The sadness in saying goodbye to friends. Regularly.

Right now I’m sad. I’m sad and I’m angry. I’m sick and tired of my friends dying and the world not giving a shit.

Metastatic breast cancer is the biggest killer of women under 50 and people I know, personally and through social media, are dying – week in week out – of it.

But they aren’t famous. They aren’t influencers. So it feels like no-one cares.

No-one starts a petition, or a hashtag, or a movement, when these women die. No-one will when I die.

Women who are doing every single thing possible to stay alive. Taking every drug they’re told to. Being positive. Living their lives to the fullest.

AND THEY’RET STILL DYING.
WE’RE STILL DYING.
AND SOME DAYS ITS JUST TOO MUCH FOR ME TO TAKE!

It’s hard to be positive about a long life and a cure and beating the 5 year odds when people are dying all around you.

And it’d be easy for someone on the outside of cancer to ask why I’m still making friends with people with a MBC diagnosis if it’s so heartbreaking when they die, but think for a second about what that means……because having cancer is incredibly lonely. Even your closest friends on the outside of cancer can’t begin to understand what it’s like. And now, just think about the most stressful situation in your life, and think about it if you didn’t have any friends who understood what you’re going through.

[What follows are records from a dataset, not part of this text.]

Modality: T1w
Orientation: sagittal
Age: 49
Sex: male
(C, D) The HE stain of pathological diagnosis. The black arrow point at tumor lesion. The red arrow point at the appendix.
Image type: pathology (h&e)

So those of us, young or old, with metastatic breast cancer cling together in a common solidarity of understanding how it feels to be dying, slowly, too soon. Getting angrier and angrier, as our friends die around us. Wondering when, not if, it’s going to be our time, but also hoping for a miracle before that moment comes!

And then people wonder why I’m sad and angry and unabled to forget I have incurable cancer.